Print all of the data exactly, but drop the pictures.

● **Stored data**:
* * * * * * *
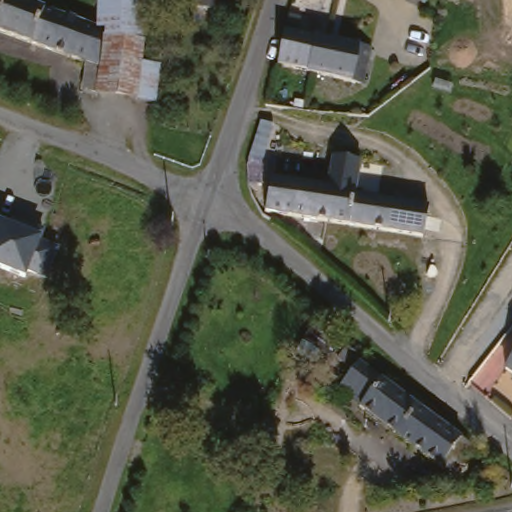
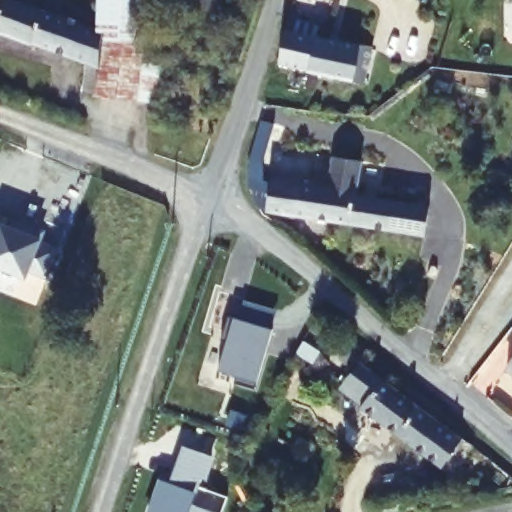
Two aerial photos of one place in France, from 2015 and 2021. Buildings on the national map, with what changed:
unchanged [(30,10),(96,36),(99,38),(103,39),(101,44),(98,55),(93,71),(0,36),(0,0),(11,0),(11,3),(30,10)]
unchanged [(93,71),(98,55),(101,44),(103,39),(99,38),(98,0),(145,0),(146,38),(144,42),(144,47),(143,76),(143,91),(136,91),(93,93),(93,71)]
unchanged [(361,54),(360,60),(356,76),(360,77),(358,87),(269,61),(279,29),(361,54)]
unchanged [(268,181),(326,192),(334,160),(363,165),(357,199),(430,212),(422,245),(263,212),(268,181)]
unchanged [(2,219),(7,211),(48,230),(43,240),(65,247),(53,280),(35,274),(33,280),(0,267),(0,213),(2,219)]
new [(228,337),(223,335),(230,311),(274,325),(257,385),(236,378),(238,371),(220,365),(228,337)]
unchanged [(512,358),(512,379),(501,371),(512,358)]
unchanged [(335,383),(349,366),(373,385),(412,413),(393,438),(353,410),(359,402),(335,383)]
unchanged [(412,413),(464,452),(446,477),(393,438),(412,413)]
new [(164,477),(177,482),(184,465),(180,464),(187,445),(215,455),(208,475),(203,472),(193,502),(218,512),(152,512),(164,477)]
* * * * * * *
● **Response to this task**:
Two aerial photos of one place in France, from 2015 and 2021. Buildings on the national map, with what changed:
unchanged [(30,10),(96,36),(99,38),(103,39),(101,44),(98,55),(93,71),(0,36),(0,0),(11,0),(11,3),(30,10)]
unchanged [(93,71),(98,55),(101,44),(103,39),(99,38),(98,0),(145,0),(146,38),(144,42),(144,47),(143,76),(143,91),(136,91),(93,93),(93,71)]
unchanged [(361,54),(360,60),(356,76),(360,77),(358,87),(269,61),(279,29),(361,54)]
unchanged [(268,181),(326,192),(334,160),(363,165),(357,199),(430,212),(422,245),(263,212),(268,181)]
unchanged [(2,219),(7,211),(48,230),(43,240),(65,247),(53,280),(35,274),(33,280),(0,267),(0,213),(2,219)]
new [(228,337),(223,335),(230,311),(274,325),(257,385),(236,378),(238,371),(220,365),(228,337)]
unchanged [(512,358),(512,379),(501,371),(512,358)]
unchanged [(335,383),(349,366),(373,385),(412,413),(393,438),(353,410),(359,402),(335,383)]
unchanged [(412,413),(464,452),(446,477),(393,438),(412,413)]
new [(164,477),(177,482),(184,465),(180,464),(187,445),(215,455),(208,475),(203,472),(193,502),(218,512),(152,512),(164,477)]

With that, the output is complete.